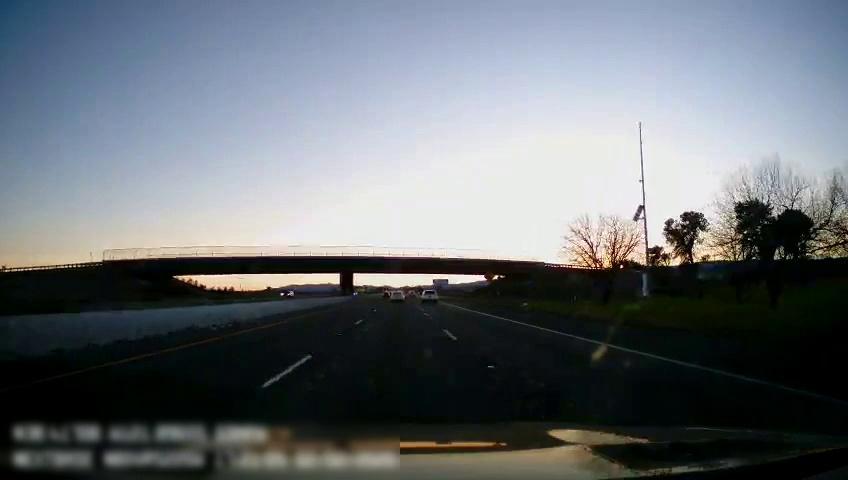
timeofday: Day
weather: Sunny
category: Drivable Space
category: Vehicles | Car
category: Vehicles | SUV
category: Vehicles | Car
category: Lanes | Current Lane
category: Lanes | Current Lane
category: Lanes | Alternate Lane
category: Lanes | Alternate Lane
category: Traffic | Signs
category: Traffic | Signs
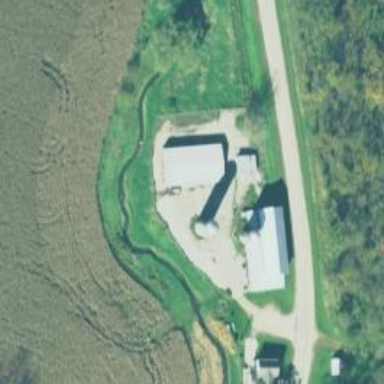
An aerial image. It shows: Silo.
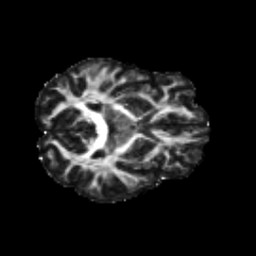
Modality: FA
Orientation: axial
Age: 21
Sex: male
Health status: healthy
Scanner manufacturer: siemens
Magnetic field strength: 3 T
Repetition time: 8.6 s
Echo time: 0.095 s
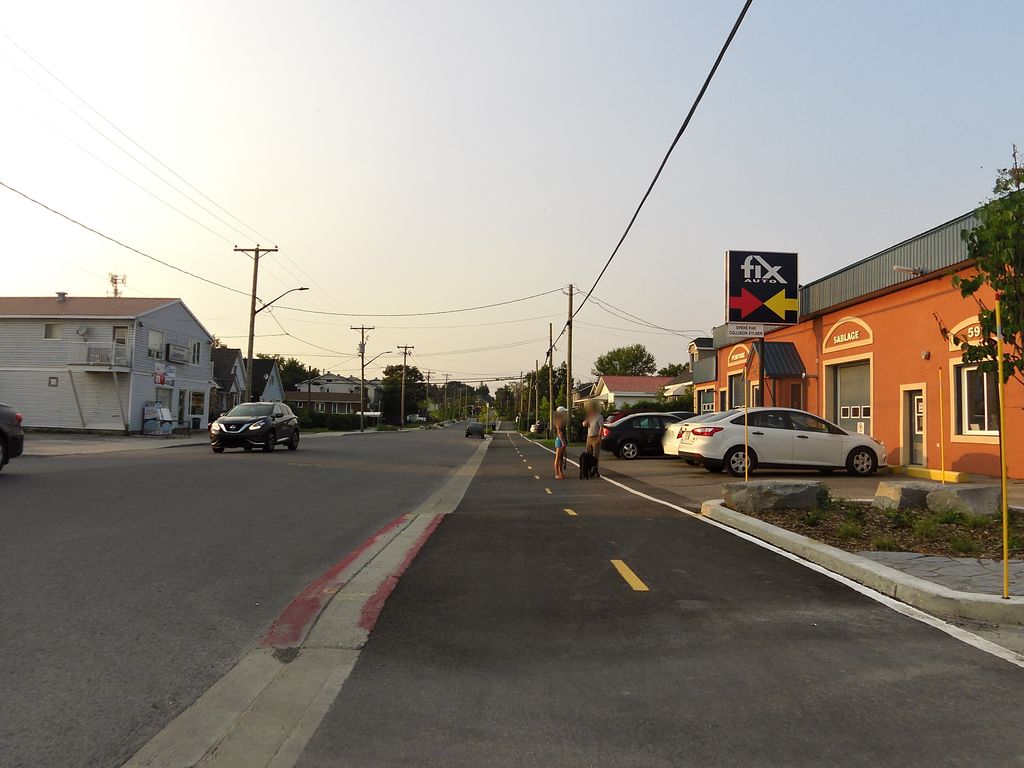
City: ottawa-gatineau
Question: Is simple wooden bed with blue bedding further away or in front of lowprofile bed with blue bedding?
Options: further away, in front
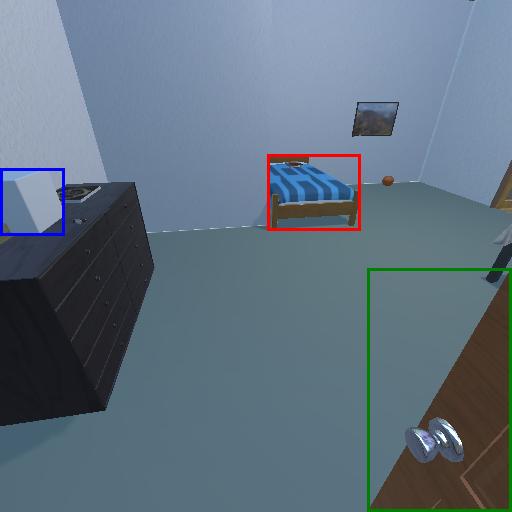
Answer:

*-*-*

Repeat the lines exactly, starting with the line that contains "Scanner manufacturer: siemens" and ending with the last line of the entries. Keep both of those lines but no pictures.

* **Written reply**:
Scanner manufacturer: siemens
Magnetic field strength: 3 T
Repetition time: 8.6 s
Echo time: 0.095 s
City: ottawa-gatineau
Question: Is simple wooden bed with blue bedding further away or in front of lowprofile bed with blue bedding?
Options: further away, in front
Answer:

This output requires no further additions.